- DESCRIPTION OF THE TASK -
Please copy out the entries exactly, skipping any pictures.

- DATASET -

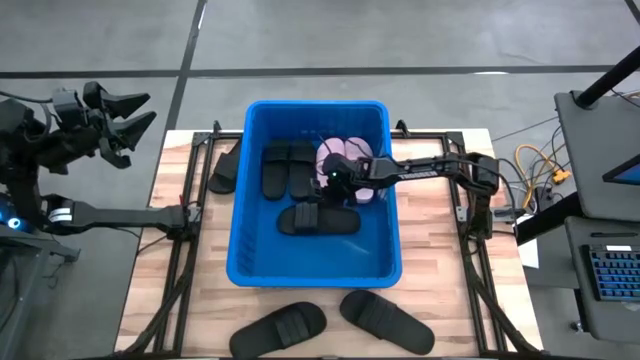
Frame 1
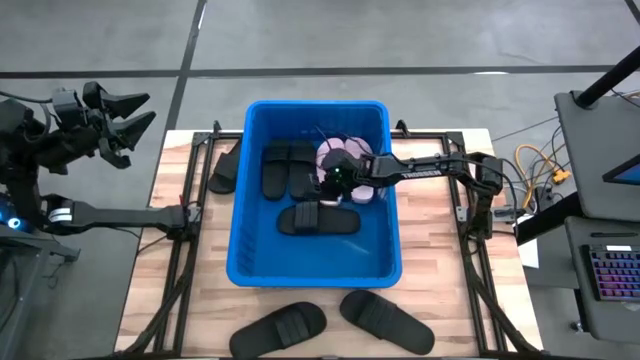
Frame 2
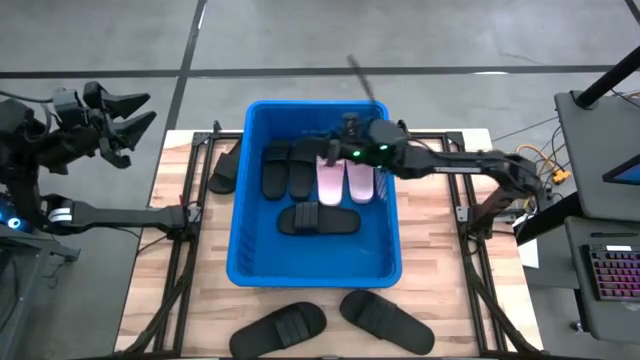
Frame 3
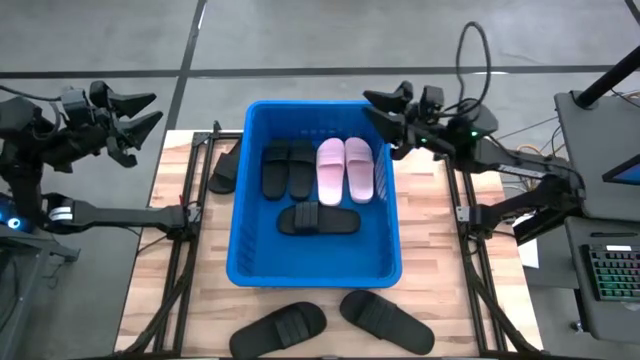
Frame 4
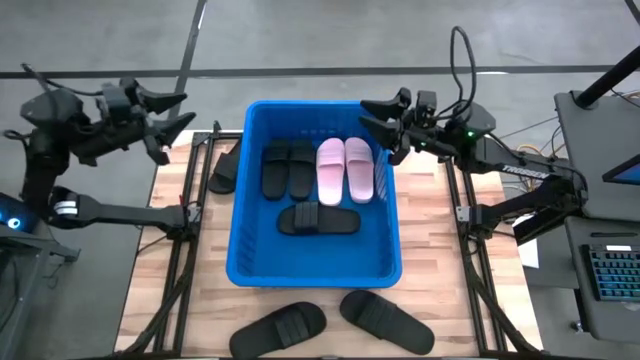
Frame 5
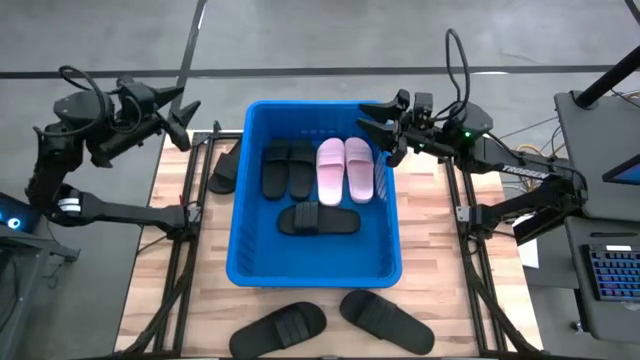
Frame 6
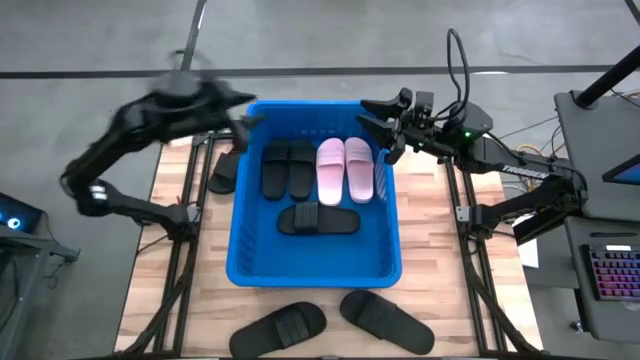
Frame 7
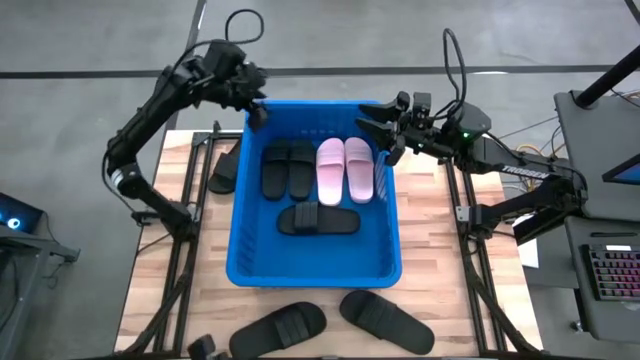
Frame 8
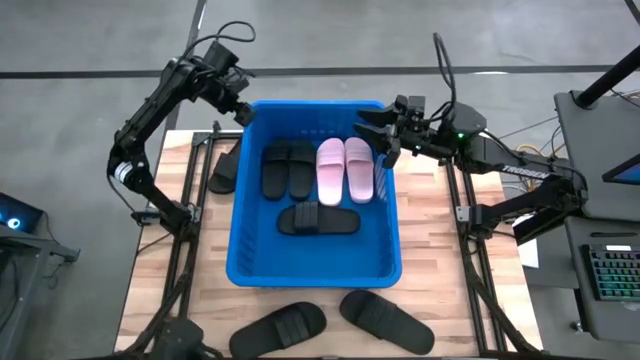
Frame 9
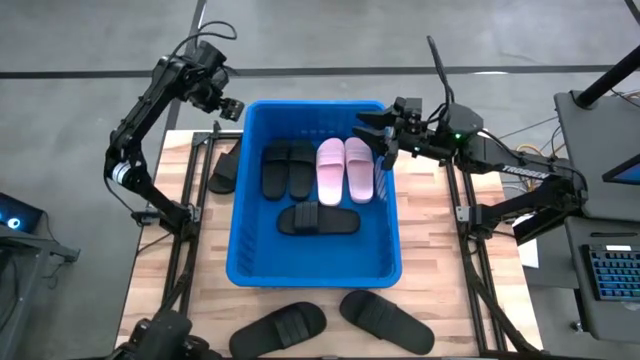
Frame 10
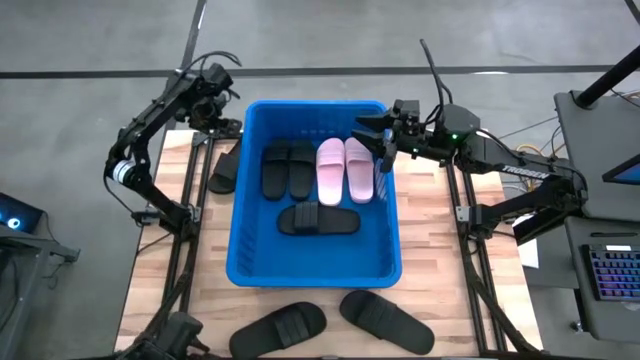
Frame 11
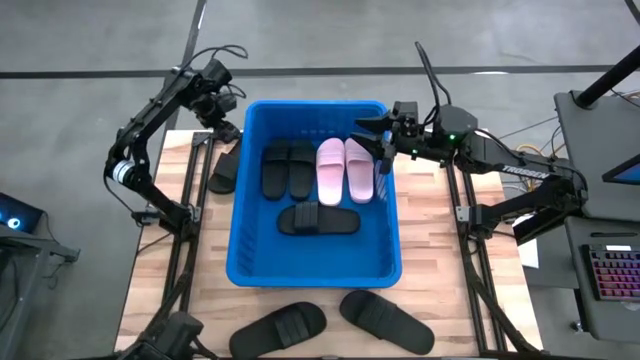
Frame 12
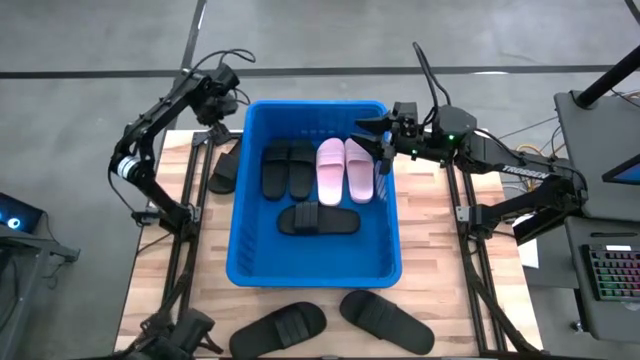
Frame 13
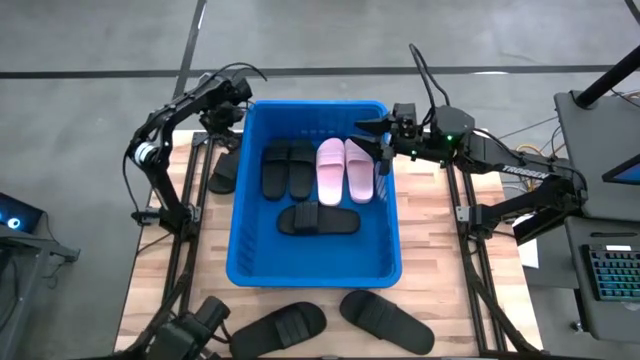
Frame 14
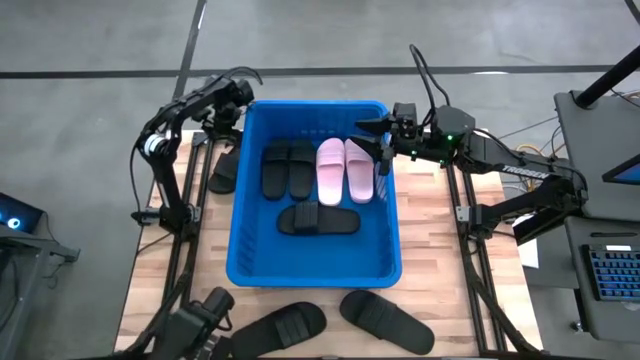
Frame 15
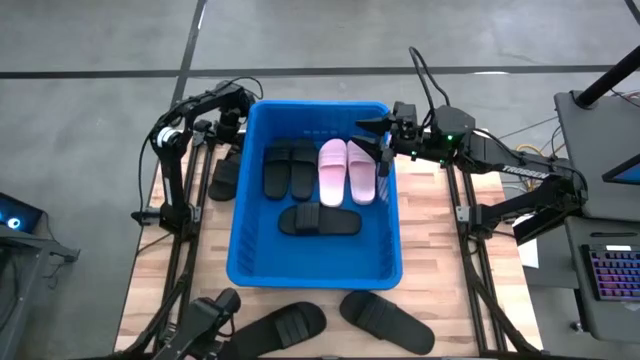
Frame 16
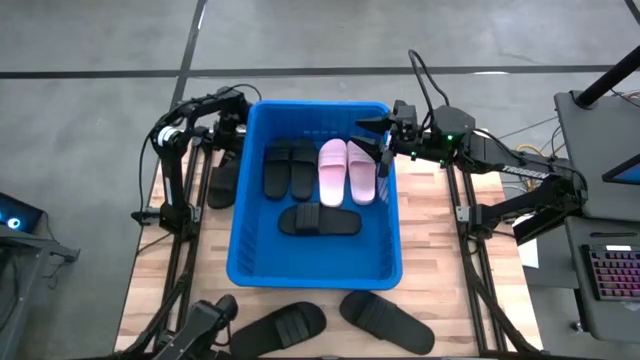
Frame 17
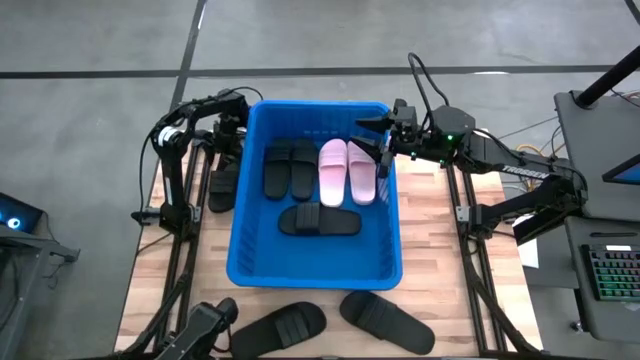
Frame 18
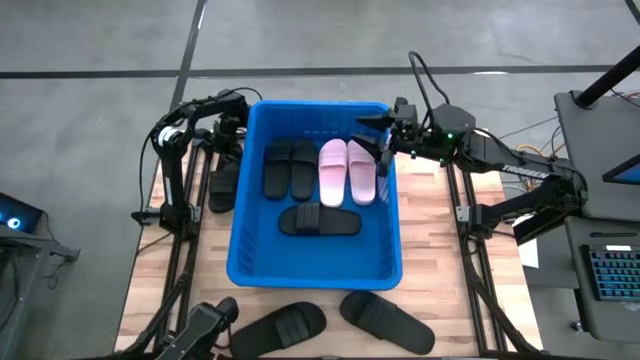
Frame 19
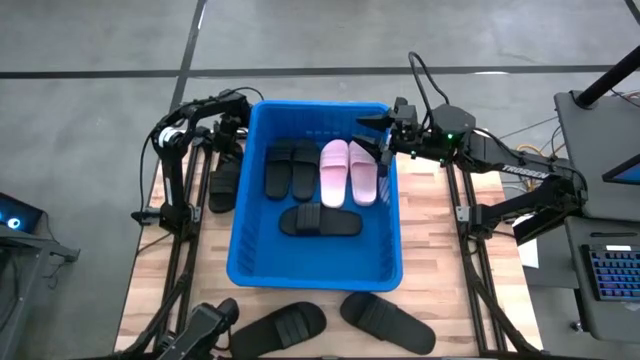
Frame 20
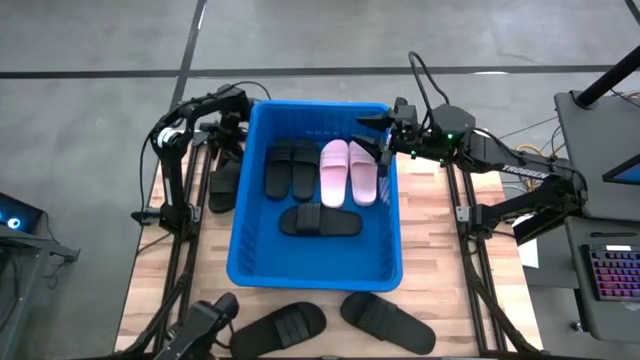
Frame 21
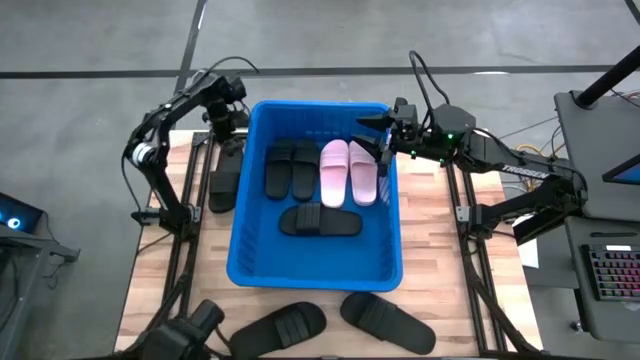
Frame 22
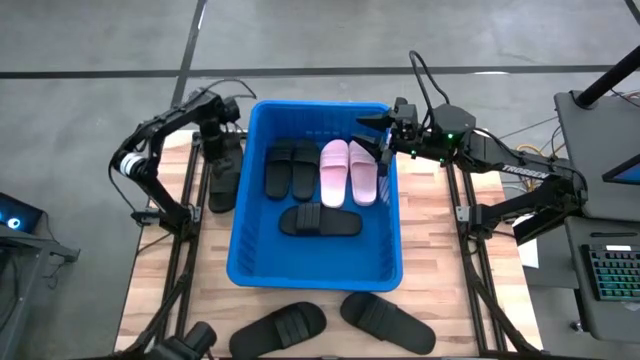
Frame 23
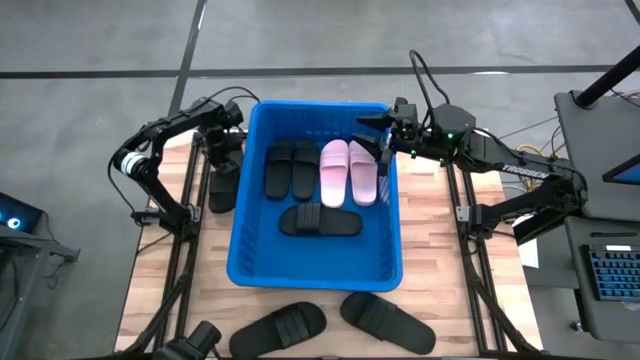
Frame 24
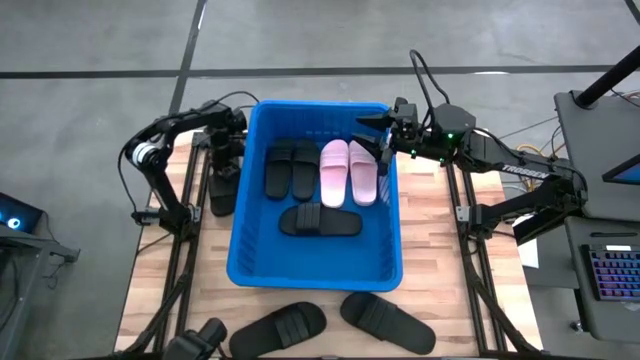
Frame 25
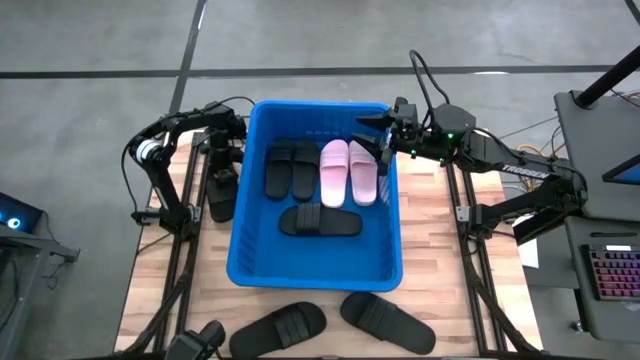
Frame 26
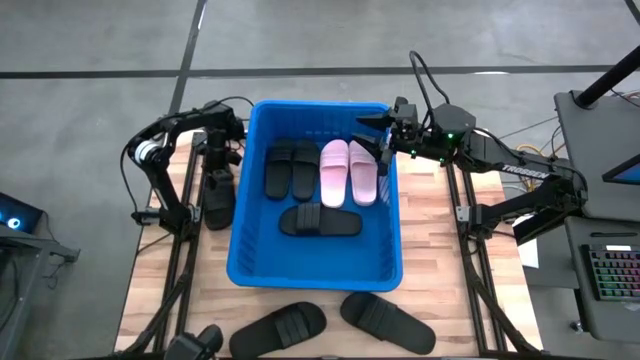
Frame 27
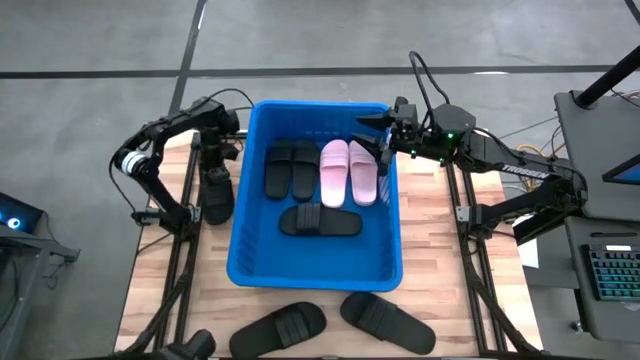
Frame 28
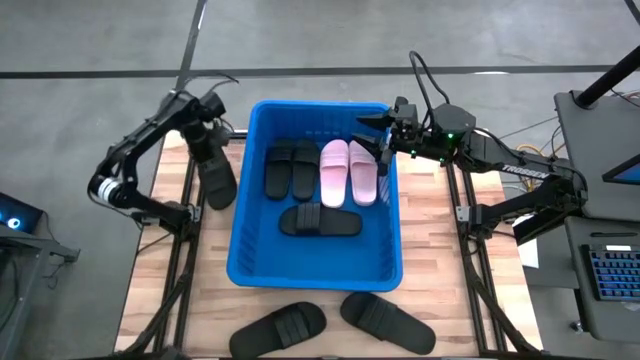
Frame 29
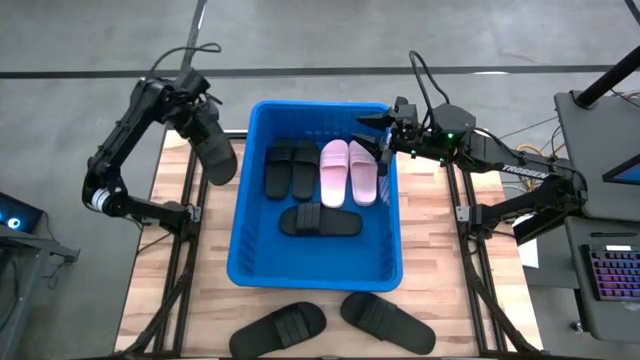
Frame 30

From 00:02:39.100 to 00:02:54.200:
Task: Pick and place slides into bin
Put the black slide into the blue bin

- SOLVED PROBLEM -
Frame 1
Frame 2
Frame 3
Frame 4
Frame 5
Frame 6
Frame 7
Frame 8
Frame 9
Frame 10
Frame 11
Frame 12
Frame 13
Frame 14
Frame 15
Frame 16
Frame 17
Frame 18
Frame 19
Frame 20
Frame 21
Frame 22
Frame 23
Frame 24
Frame 25
Frame 26
Frame 27
Frame 28
Frame 29
Frame 30

From 00:02:39.100 to 00:02:54.200:
Task: Pick and place slides into bin
Put the black slide into the blue bin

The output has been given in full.